Lines containing the word "rect" are to be copied from the data below.

• **Records shown**
━━━
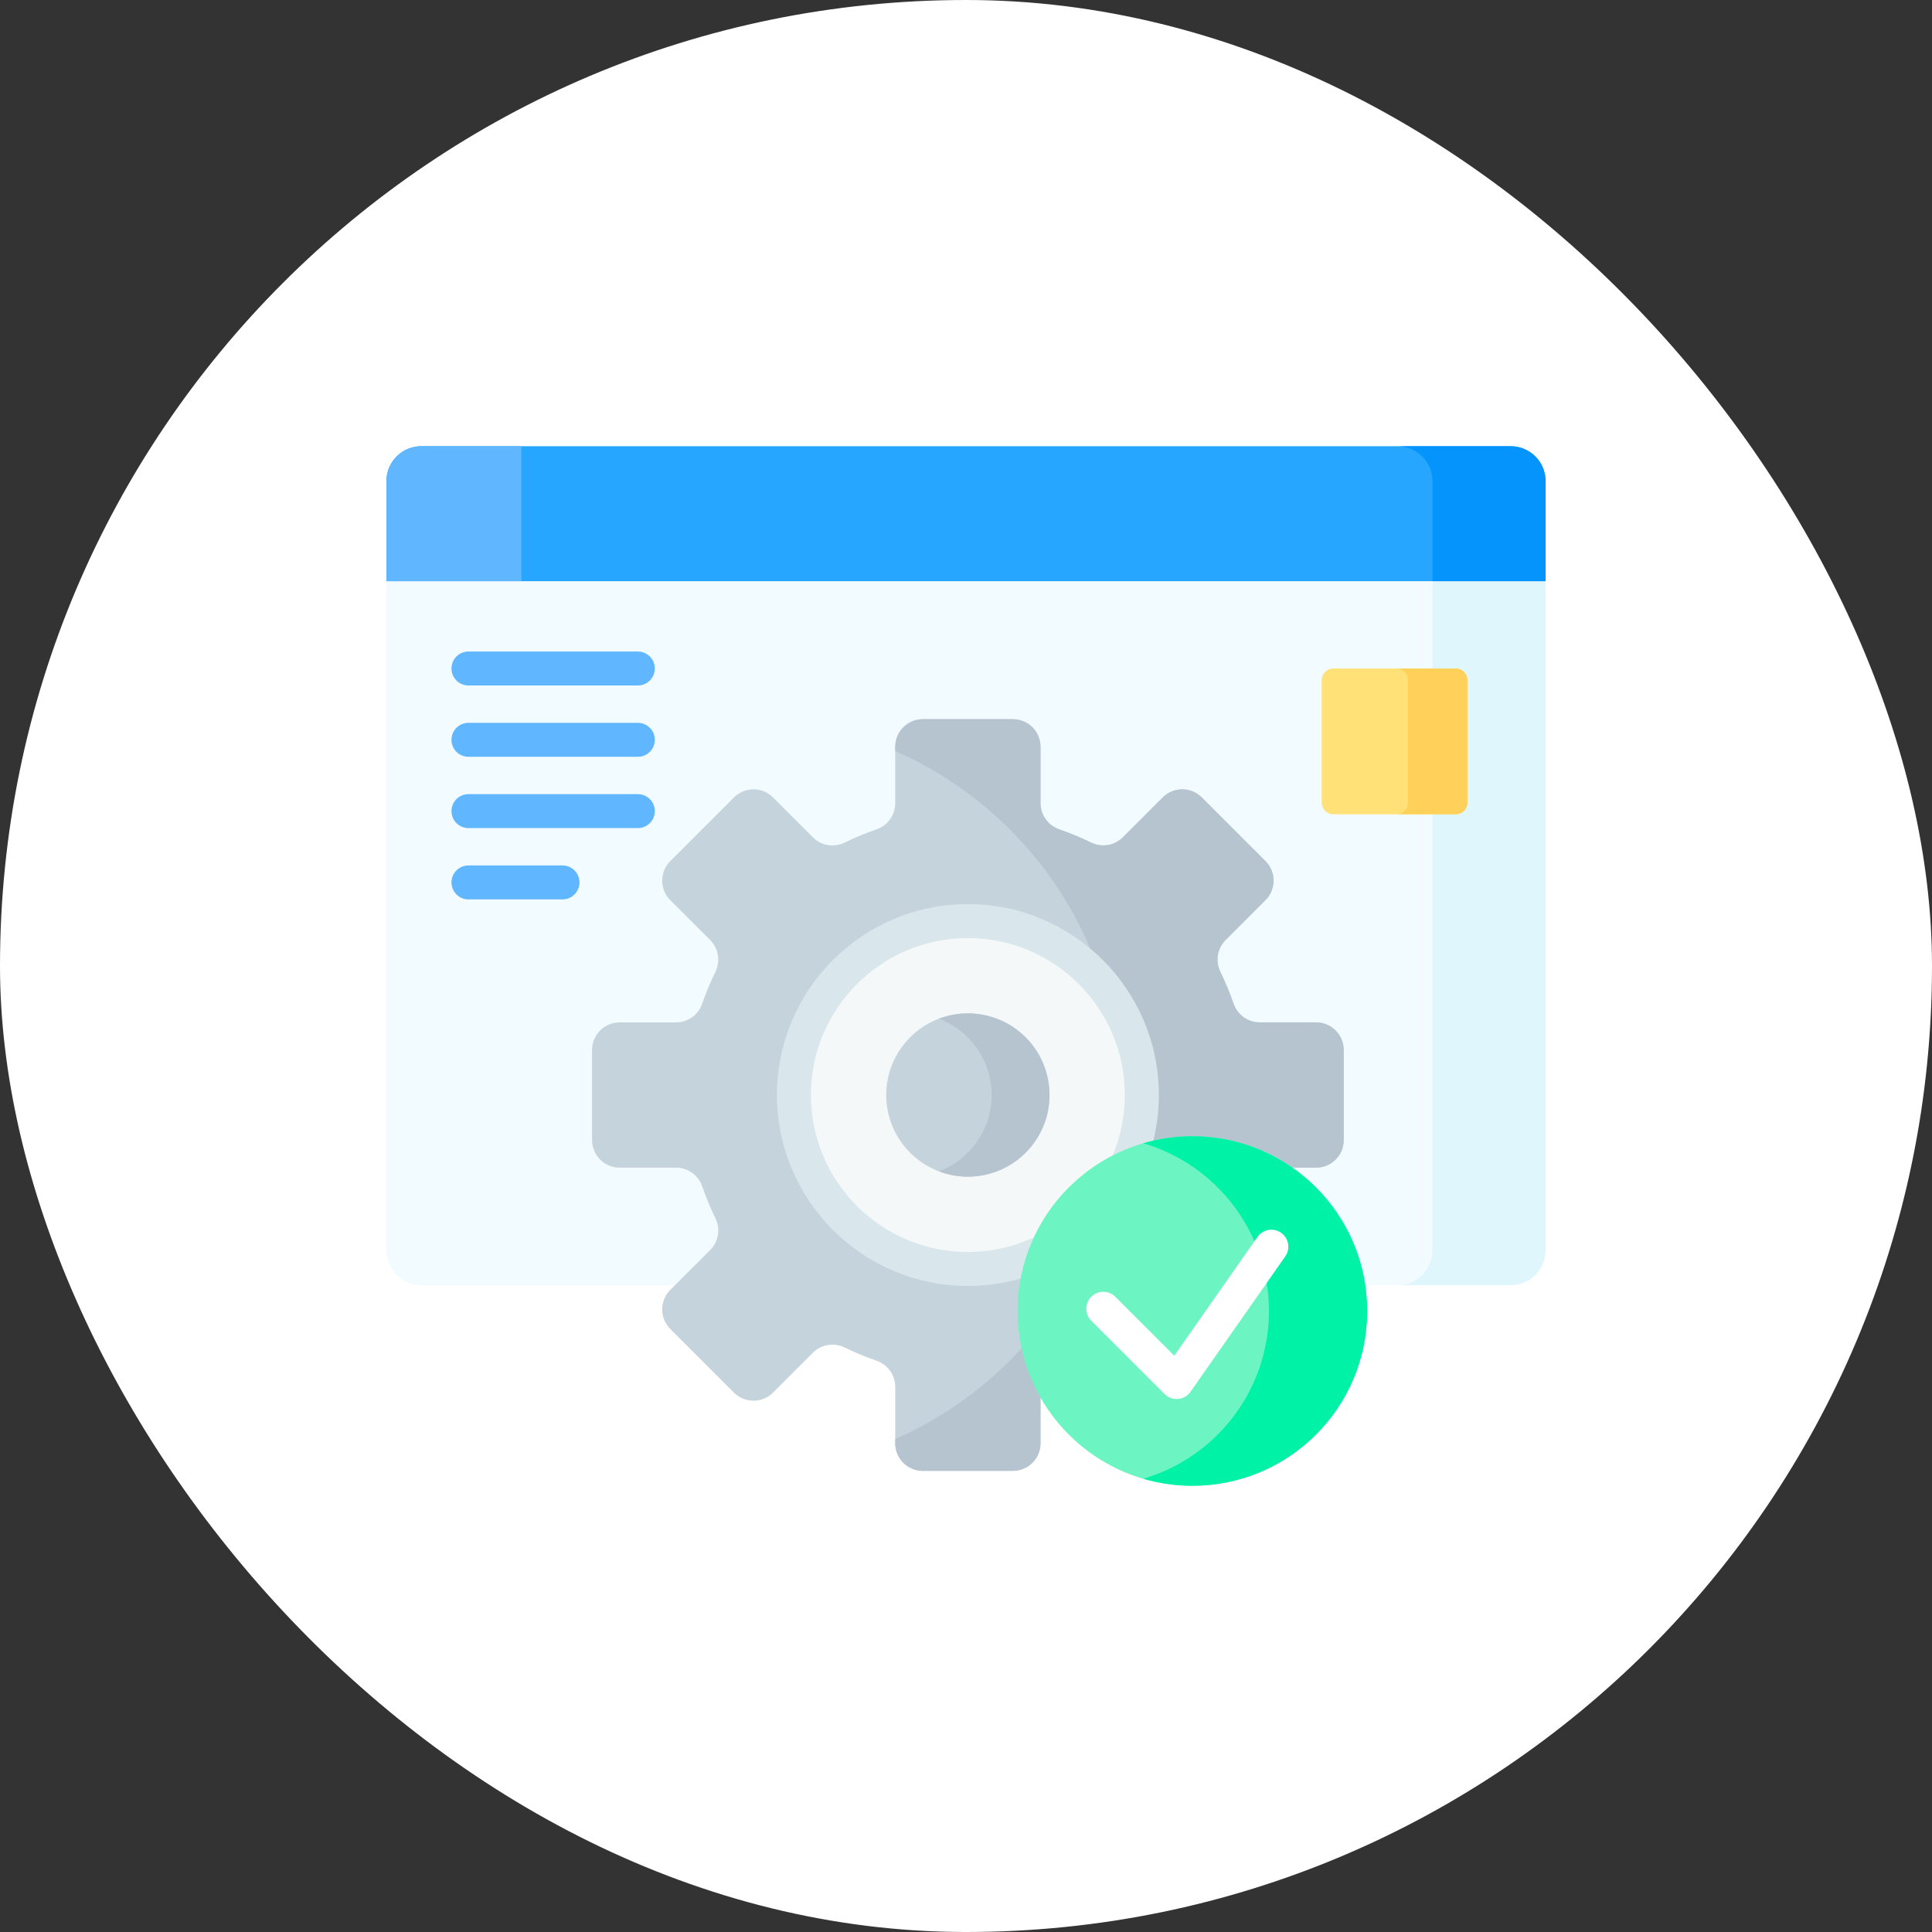 <svg width="200" height="200" viewBox="0 0 200 200" fill="none" xmlns="http://www.w3.org/2000/svg">
<rect x="0" y="0" width="200" height="200" fill="#333333" stroke="none"/>
<rect width="200" height="200" rx="100" fill="white"/>
<path d="M40 59.921V129.416C40 131.416 41.621 133.038 43.622 133.038H70.21L73.685 129.562C74.619 128.629 74.853 127.198 74.268 126.003C73.75 124.944 73.298 123.854 72.913 122.739C72.482 121.484 71.305 120.642 69.987 120.642H64.147C62.7 120.642 61.522 119.464 61.522 118.016V108.696C61.522 107.248 62.7 106.071 64.147 106.071H69.987C71.305 106.071 72.482 105.228 72.913 103.974C73.298 102.859 73.75 101.769 74.268 100.709C74.853 99.514 74.619 98.084 73.685 97.15L69.554 93.019C69.309 92.775 69.115 92.486 68.983 92.168C68.851 91.849 68.784 91.507 68.785 91.162C68.784 90.817 68.852 90.476 68.984 90.157C69.115 89.838 69.309 89.549 69.554 89.306L76.144 82.716C76.64 82.22 77.299 81.947 78 81.947C78.702 81.947 79.361 82.22 79.857 82.716L83.988 86.847C84.274 87.134 84.615 87.362 84.989 87.517C85.364 87.672 85.766 87.751 86.172 87.75C86.645 87.75 87.12 87.639 87.547 87.43C88.606 86.912 89.696 86.46 90.811 86.075C92.066 85.643 92.909 84.468 92.909 83.149V77.31C92.909 75.862 94.086 74.684 95.534 74.684H104.854C106.302 74.684 107.479 75.862 107.479 77.31V83.149C107.479 84.468 108.322 85.644 109.577 86.075C110.691 86.46 111.781 86.912 112.841 87.43C113.269 87.64 113.739 87.749 114.216 87.75C115.042 87.75 115.818 87.429 116.4 86.847L120.531 82.716C120.774 82.471 121.064 82.277 121.382 82.145C121.701 82.013 122.043 81.946 122.387 81.947C123.089 81.947 123.748 82.22 124.244 82.716L130.834 89.306C131.858 90.329 131.858 91.995 130.834 93.019L126.703 97.15C125.769 98.084 125.535 99.514 126.12 100.709C126.638 101.769 127.09 102.859 127.475 103.974C127.907 105.228 129.083 106.071 130.401 106.071H136.24C137.688 106.071 138.866 107.248 138.866 108.696V118.016C138.866 119.464 137.688 120.642 136.24 120.642H133.038L133.649 121.068C135.635 122.456 137.318 124.232 138.598 126.289C139.877 128.347 140.725 130.643 141.091 133.037H156.378C158.378 133.037 159.999 131.416 159.999 129.416V59.921H40Z" fill="#F2FBFF"/>
<path d="M148.29 59.921V69.204H150.704C150.863 69.204 151.02 69.235 151.166 69.295C151.313 69.356 151.446 69.445 151.558 69.557C151.67 69.669 151.759 69.802 151.82 69.949C151.88 70.095 151.912 70.252 151.912 70.411V83.087C151.912 83.245 151.88 83.402 151.82 83.549C151.759 83.695 151.67 83.828 151.558 83.941C151.446 84.053 151.313 84.142 151.166 84.202C151.02 84.263 150.863 84.294 150.704 84.294H148.29V129.416C148.29 131.416 146.668 133.037 144.668 133.037H156.378C158.378 133.037 160 131.416 160 129.416V59.921H148.29Z" fill="#DFF6FD"/>
<path d="M156.378 46.191H43.622C41.621 46.191 40 47.812 40 49.812V60.163H160V49.812C160 47.812 158.379 46.191 156.378 46.191Z" fill="#26A6FE"/>
<path d="M156.378 46.191H144.668C146.668 46.191 148.29 47.812 148.29 49.812V60.163H160V49.812C160 47.812 158.379 46.191 156.378 46.191Z" fill="#0593FC"/>
<path d="M53.972 46.191H43.622C41.621 46.191 40 47.812 40 49.812V60.163H53.972V46.191ZM66.028 70.962H48.495C47.524 70.962 46.737 70.175 46.737 69.204C46.737 68.233 47.524 67.446 48.495 67.446H66.028C66.999 67.446 67.786 68.233 67.786 69.204C67.786 70.175 66.999 70.962 66.028 70.962ZM66.028 78.343H48.495C47.524 78.343 46.737 77.556 46.737 76.585C46.737 75.614 47.524 74.827 48.495 74.827H66.028C66.999 74.827 67.786 75.614 67.786 76.585C67.786 77.556 66.999 78.343 66.028 78.343ZM66.028 85.724H48.495C47.524 85.724 46.737 84.937 46.737 83.966C46.737 82.995 47.524 82.209 48.495 82.209H66.028C66.999 82.209 67.786 82.995 67.786 83.966C67.786 84.937 66.999 85.724 66.028 85.724ZM58.23 93.106H48.495C47.524 93.106 46.737 92.319 46.737 91.348C46.737 90.377 47.524 89.59 48.495 89.59H58.23C59.2 89.59 59.987 90.377 59.987 91.348C59.987 92.319 59.2 93.106 58.23 93.106Z" fill="#60B7FF"/>
<path d="M136.821 70.411V83.087C136.821 83.246 136.852 83.403 136.913 83.549C136.974 83.696 137.062 83.829 137.175 83.941C137.287 84.053 137.42 84.142 137.566 84.203C137.713 84.263 137.87 84.294 138.028 84.294H150.704C150.863 84.294 151.02 84.263 151.167 84.203C151.313 84.142 151.446 84.053 151.558 83.941C151.67 83.829 151.759 83.696 151.82 83.549C151.881 83.403 151.912 83.246 151.912 83.087V70.411C151.912 70.252 151.881 70.095 151.82 69.949C151.759 69.802 151.67 69.669 151.558 69.557C151.446 69.445 151.313 69.356 151.167 69.295C151.02 69.235 150.863 69.204 150.704 69.204H138.028C137.87 69.204 137.713 69.235 137.566 69.295C137.42 69.356 137.287 69.445 137.175 69.557C137.062 69.669 136.974 69.802 136.913 69.949C136.852 70.095 136.821 70.252 136.821 70.411Z" fill="#FFE177"/>
<path d="M150.704 69.204H144.547C144.706 69.204 144.863 69.235 145.009 69.295C145.156 69.356 145.289 69.445 145.401 69.557C145.513 69.669 145.602 69.802 145.663 69.949C145.723 70.095 145.754 70.252 145.754 70.411V83.087C145.754 83.246 145.723 83.403 145.663 83.549C145.602 83.696 145.513 83.829 145.401 83.941C145.289 84.053 145.156 84.142 145.009 84.203C144.863 84.263 144.706 84.294 144.547 84.294H150.704C150.863 84.294 151.02 84.263 151.166 84.203C151.313 84.142 151.446 84.053 151.558 83.941C151.67 83.829 151.759 83.696 151.82 83.549C151.88 83.403 151.911 83.246 151.911 83.087V70.411C151.911 70.252 151.88 70.095 151.82 69.949C151.759 69.802 151.67 69.669 151.558 69.557C151.446 69.445 151.313 69.356 151.166 69.295C151.02 69.235 150.863 69.204 150.704 69.204Z" fill="#FFD15B"/>
<path d="M105.575 135.715C105.575 125.867 113.587 117.856 123.435 117.856C126.971 117.852 130.427 118.903 133.361 120.876H136.241C137.82 120.876 139.101 119.596 139.101 118.016V108.696C139.101 107.117 137.82 105.836 136.241 105.836H130.402C129.178 105.836 128.096 105.055 127.697 103.897C127.31 102.773 126.853 101.674 126.331 100.606C125.791 99.504 126.002 98.184 126.869 97.316L131 93.185C132.117 92.068 132.117 90.257 131 89.141L124.41 82.55C123.293 81.433 121.483 81.433 120.366 82.55L116.234 86.681C115.367 87.549 114.046 87.759 112.944 87.22C111.876 86.697 110.777 86.241 109.653 85.854C108.496 85.455 107.714 84.373 107.714 83.149V77.309C107.714 75.73 106.433 74.45 104.854 74.45H95.534C93.955 74.45 92.674 75.73 92.674 77.309V83.149C92.674 84.373 91.892 85.455 90.735 85.854C89.611 86.241 88.512 86.697 87.444 87.22C86.342 87.759 85.021 87.549 84.153 86.681L80.022 82.55C78.905 81.433 77.095 81.433 75.978 82.55L69.388 89.141C68.271 90.257 68.271 92.068 69.388 93.185L73.519 97.316C74.387 98.184 74.597 99.504 74.058 100.606C73.535 101.674 73.079 102.773 72.691 103.897C72.293 105.055 71.211 105.837 69.986 105.837H64.148C62.569 105.837 61.288 107.117 61.288 108.696V118.017C61.288 119.596 62.569 120.876 64.148 120.876H69.987C71.211 120.876 72.293 121.658 72.692 122.815C73.079 123.939 73.535 125.039 74.058 126.106C74.597 127.208 74.387 128.529 73.52 129.397L69.388 133.528C68.272 134.645 68.272 136.456 69.388 137.572L75.979 144.163C77.096 145.28 78.906 145.28 80.023 144.163L84.154 140.031C85.022 139.164 86.342 138.954 87.445 139.493C88.512 140.016 89.611 140.472 90.735 140.859C91.893 141.258 92.675 142.34 92.675 143.564V149.403C92.675 150.983 93.955 152.263 95.534 152.263H104.855C106.434 152.263 107.714 150.983 107.714 149.403V144.183C106.307 141.583 105.572 138.672 105.575 135.715Z" fill="#C5D3DD"/>
<path d="M136.241 105.837H130.402C129.178 105.837 128.095 105.055 127.697 103.897C127.309 102.773 126.853 101.674 126.331 100.607C125.791 99.504 126.001 98.184 126.869 97.316L131 93.185C132.117 92.068 132.117 90.257 131 89.141L124.41 82.55C123.293 81.433 121.483 81.433 120.366 82.55L116.234 86.682C115.367 87.549 114.046 87.76 112.944 87.22C111.876 86.697 110.777 86.241 109.653 85.854C108.496 85.455 107.714 84.373 107.714 83.149V77.309C107.714 75.73 106.434 74.45 104.854 74.45H95.534C93.955 74.45 92.674 75.73 92.674 77.309V77.748C101.745 81.731 109.002 89.077 112.87 98.208C117.199 101.836 119.958 107.279 119.958 113.356C119.959 115.037 119.745 116.711 119.321 118.337C120.669 118.017 122.049 117.855 123.435 117.855C127.105 117.855 130.52 118.97 133.361 120.876H136.241C137.82 120.876 139.1 119.596 139.1 118.016V108.696C139.101 107.117 137.821 105.837 136.241 105.837ZM105.951 139.364C102.281 143.436 97.763 146.73 92.674 148.964V149.403C92.674 150.982 93.955 152.263 95.534 152.263H104.855C106.434 152.263 107.714 150.982 107.714 149.403V144.182C106.896 142.67 106.302 141.047 105.951 139.364Z" fill="#B6C4CF"/>
<path d="M117.315 118.936C117.902 117.134 118.201 115.251 118.201 113.356C118.201 103.412 110.139 95.35 100.194 95.35C90.25 95.35 82.188 103.412 82.188 113.356C82.188 123.301 90.25 131.363 100.194 131.363C102.323 131.365 104.436 130.988 106.433 130.251C108.121 125.012 112.166 120.82 117.315 118.936Z" fill="#F5F8F9"/>
<path d="M107.362 127.934C105.134 129.035 102.681 129.607 100.195 129.605C91.235 129.605 83.946 122.316 83.946 113.357C83.946 104.397 91.235 97.108 100.195 97.108C109.154 97.108 116.443 104.397 116.443 113.357C116.444 115.632 115.965 117.883 115.035 119.96C116.388 119.237 117.829 118.692 119.321 118.339C119.745 116.712 119.959 115.038 119.959 113.357C119.959 102.459 111.093 93.592 100.195 93.592C89.297 93.592 80.43 102.459 80.43 113.357C80.43 124.255 89.297 133.12 100.195 133.12C102.131 133.121 104.058 132.836 105.911 132.274C106.205 130.771 106.693 129.312 107.362 127.934Z" fill="#D9E7EC"/>
<path d="M100.194 121.807C104.861 121.807 108.645 118.024 108.645 113.356C108.645 108.689 104.861 104.906 100.194 104.906C95.527 104.906 91.744 108.689 91.744 113.356C91.744 118.024 95.527 121.807 100.194 121.807Z" fill="#C5D3DD"/>
<path d="M100.194 104.906C99.14 104.906 98.131 105.1 97.2 105.453C100.388 106.662 102.656 109.744 102.656 113.356C102.656 116.969 100.388 120.05 97.2 121.259C98.156 121.622 99.171 121.808 100.194 121.807C104.861 121.807 108.645 118.024 108.645 113.357C108.645 108.689 104.862 104.906 100.194 104.906Z" fill="#B6C4CF"/>
<path d="M123.435 153.809C133.428 153.809 141.529 145.708 141.529 135.715C141.529 125.722 133.428 117.621 123.435 117.621C113.442 117.621 105.341 125.722 105.341 135.715C105.341 145.708 113.442 153.809 123.435 153.809Z" fill="#6CF5C2"/>
<path d="M123.435 117.621C121.714 117.621 120.002 117.867 118.35 118.35C125.867 120.548 131.36 127.488 131.36 135.715C131.36 143.942 125.867 150.882 118.35 153.08C120.002 153.564 121.714 153.809 123.435 153.809C133.428 153.809 141.529 145.708 141.529 135.715C141.529 125.722 133.428 117.621 123.435 117.621Z" fill="#00F2A6"/>
<path d="M121.801 144.827C121.335 144.827 120.888 144.642 120.558 144.313L112.97 136.725C112.64 136.395 112.455 135.948 112.455 135.482C112.455 135.016 112.64 134.569 112.97 134.239C113.3 133.909 113.747 133.724 114.213 133.724C114.679 133.724 115.126 133.909 115.456 134.239L121.562 140.346L130.167 128.054C130.298 127.864 130.467 127.701 130.661 127.577C130.856 127.452 131.074 127.366 131.302 127.326C131.529 127.285 131.763 127.29 131.989 127.34C132.215 127.389 132.429 127.483 132.618 127.616C132.808 127.749 132.97 127.918 133.094 128.113C133.218 128.308 133.302 128.526 133.342 128.754C133.382 128.982 133.376 129.215 133.326 129.441C133.275 129.667 133.18 129.881 133.047 130.07L123.241 144.078C123.079 144.309 122.863 144.498 122.613 144.629C122.362 144.759 122.083 144.828 121.801 144.827Z" fill="white"/>
</svg>
━━━
• **Expected answer**
<rect x="0" y="0" width="200" height="200" fill="#333333" stroke="none"/>
<rect width="200" height="200" rx="100" fill="white"/>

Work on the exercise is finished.